## [What needs to be done]
From the line containing "longitude: -4.0656" through the end of the entries, please repeat every line exactly and nothing more; the pictures do not belong in the copy.

----------------------------------------

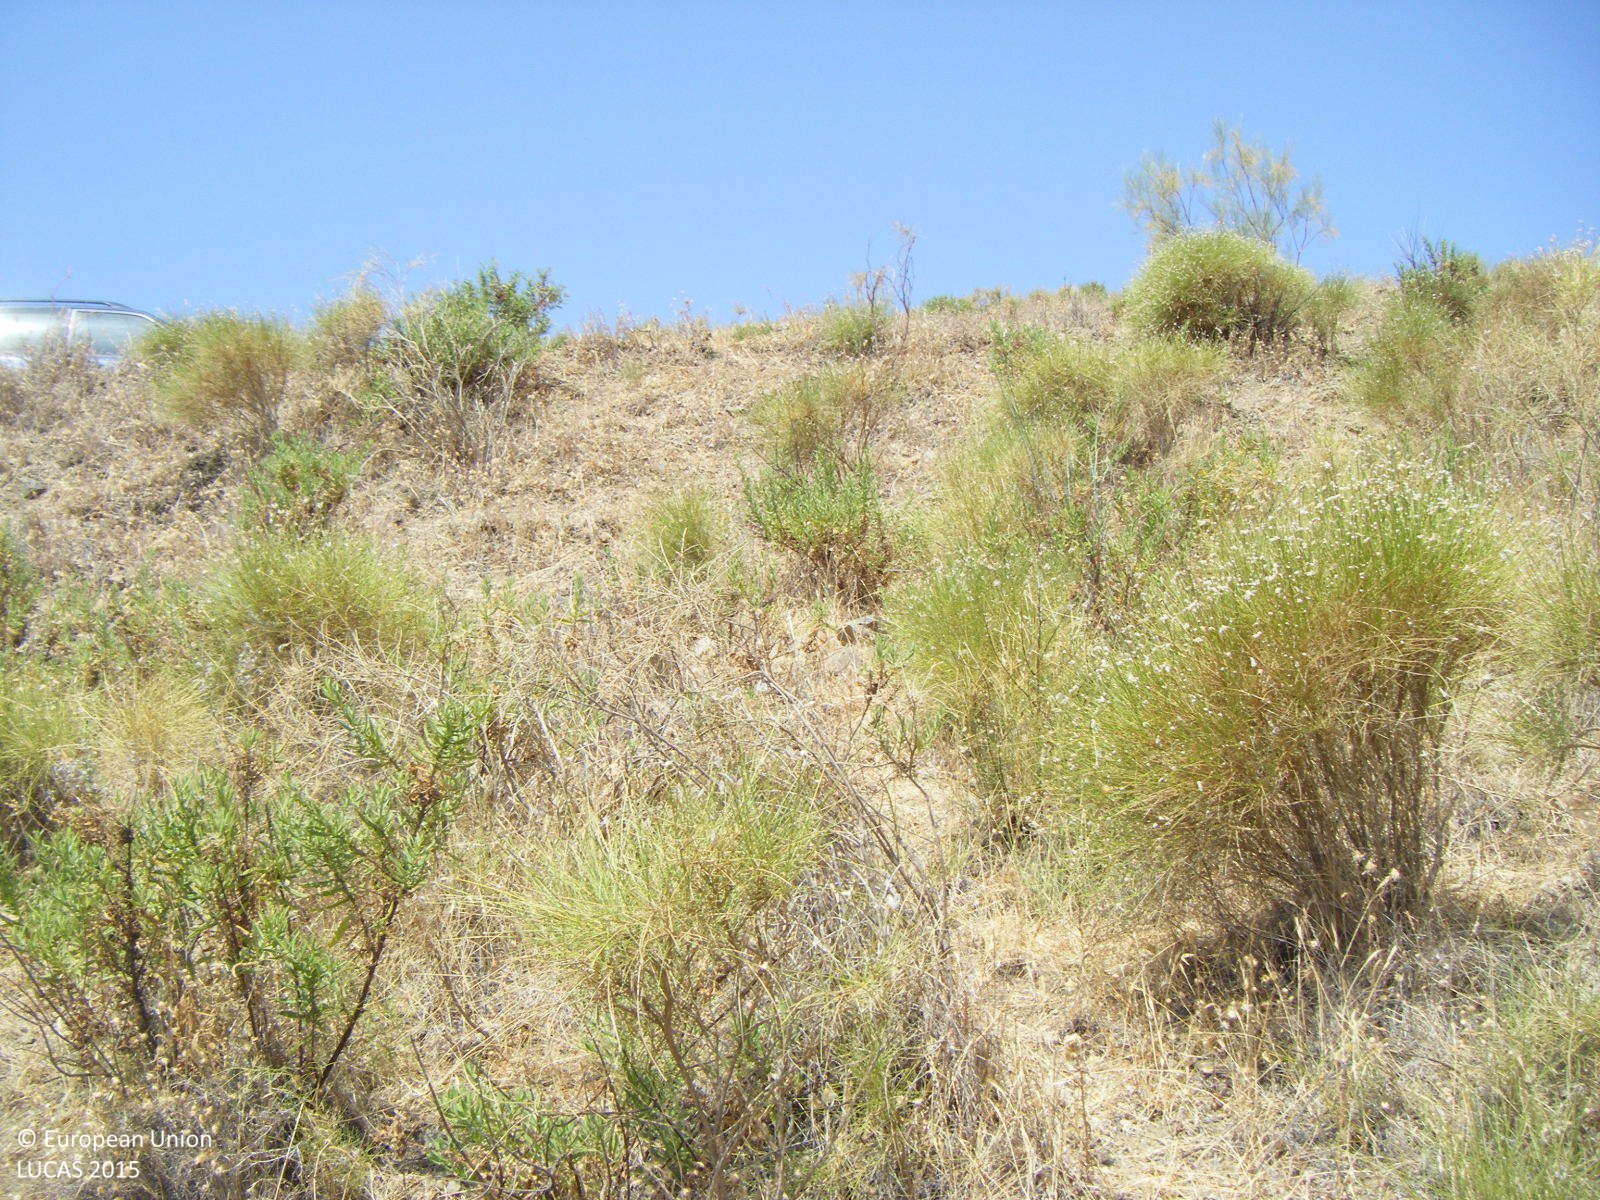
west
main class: Shrubland
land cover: Shrubland without tree cover
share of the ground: 50 - 75 %
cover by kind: shrubs 60 %, herbaceous plants 40 %
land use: Semi-natural and natural areas not in use
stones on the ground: 10 - 25 %
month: July
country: ES
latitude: 36.8619
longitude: -4.0656
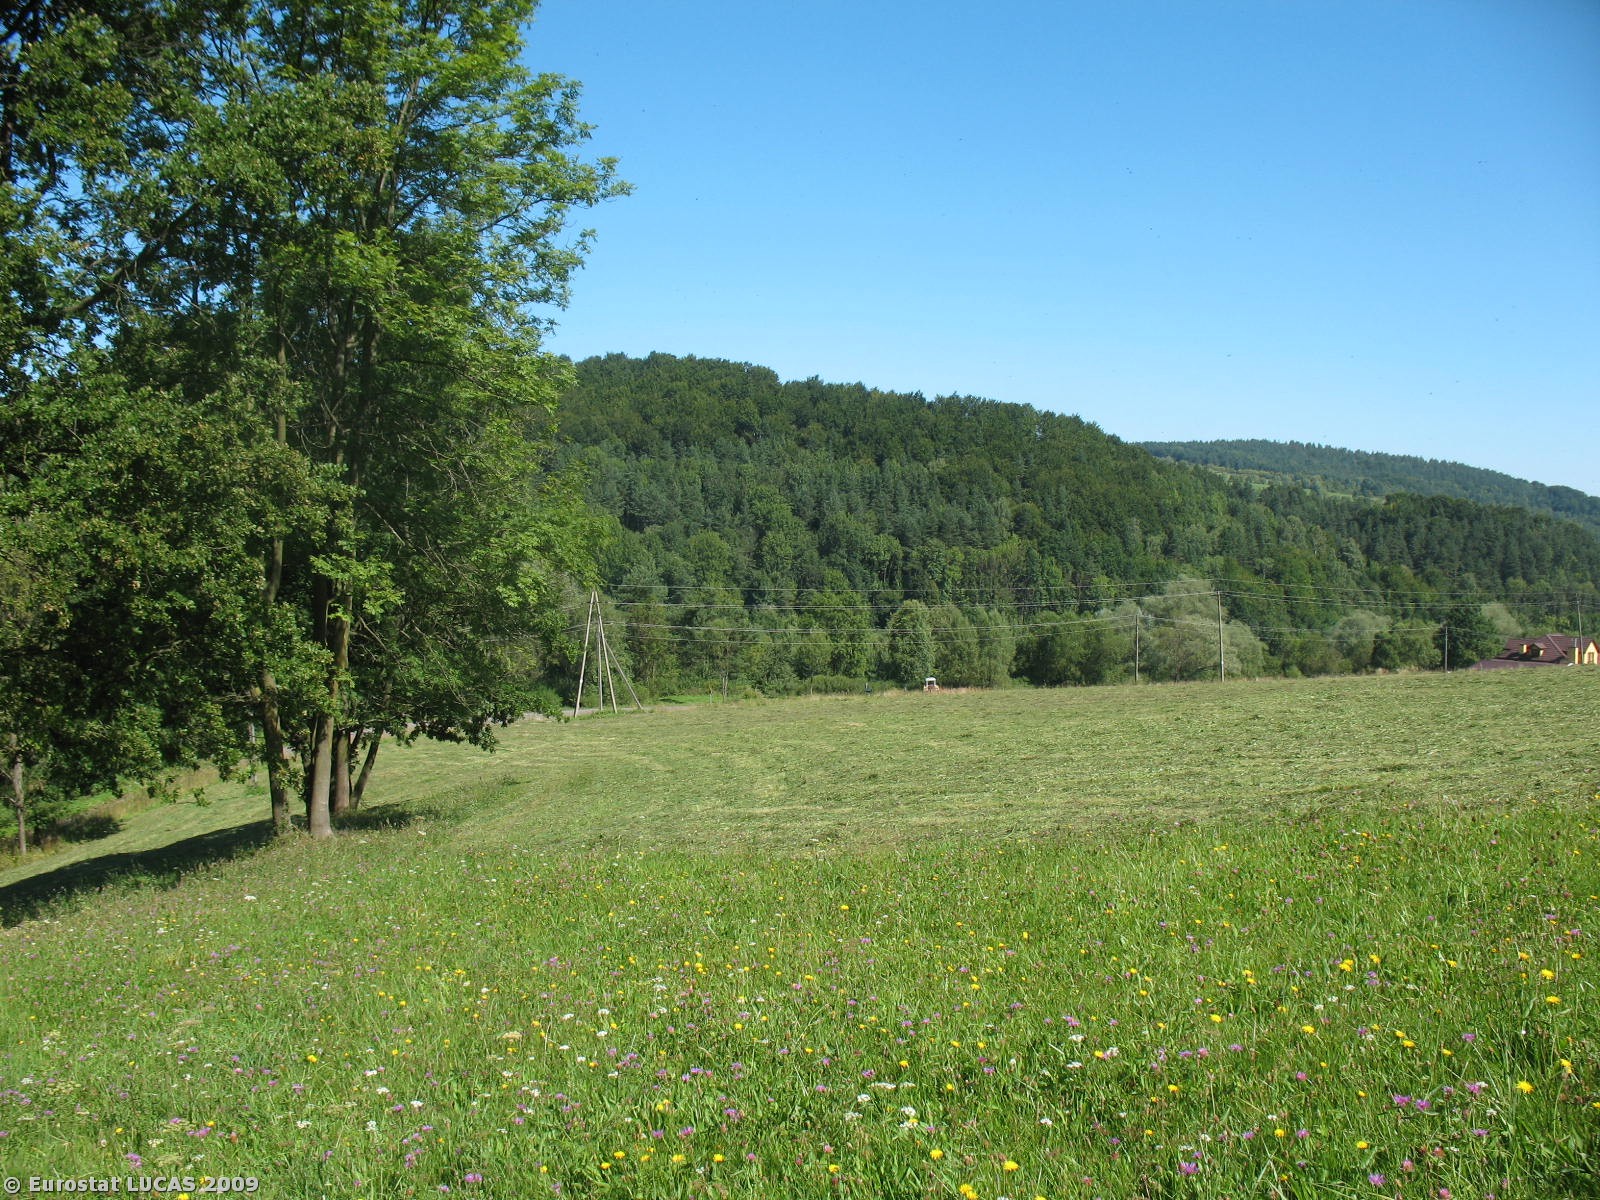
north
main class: Grassland
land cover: Grassland without tree/shrub cover
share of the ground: > 75 %
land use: Agriculture (excluding fallow land and kitchen gardens)
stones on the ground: < 10 %
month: August
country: PL
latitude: 49.3812
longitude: 22.1947

----------------------------------------

## [Task result]
longitude: -4.0656
north
main class: Grassland
land cover: Grassland without tree/shrub cover
share of the ground: > 75 %
land use: Agriculture (excluding fallow land and kitchen gardens)
stones on the ground: < 10 %
month: August
country: PL
latitude: 49.3812
longitude: 22.1947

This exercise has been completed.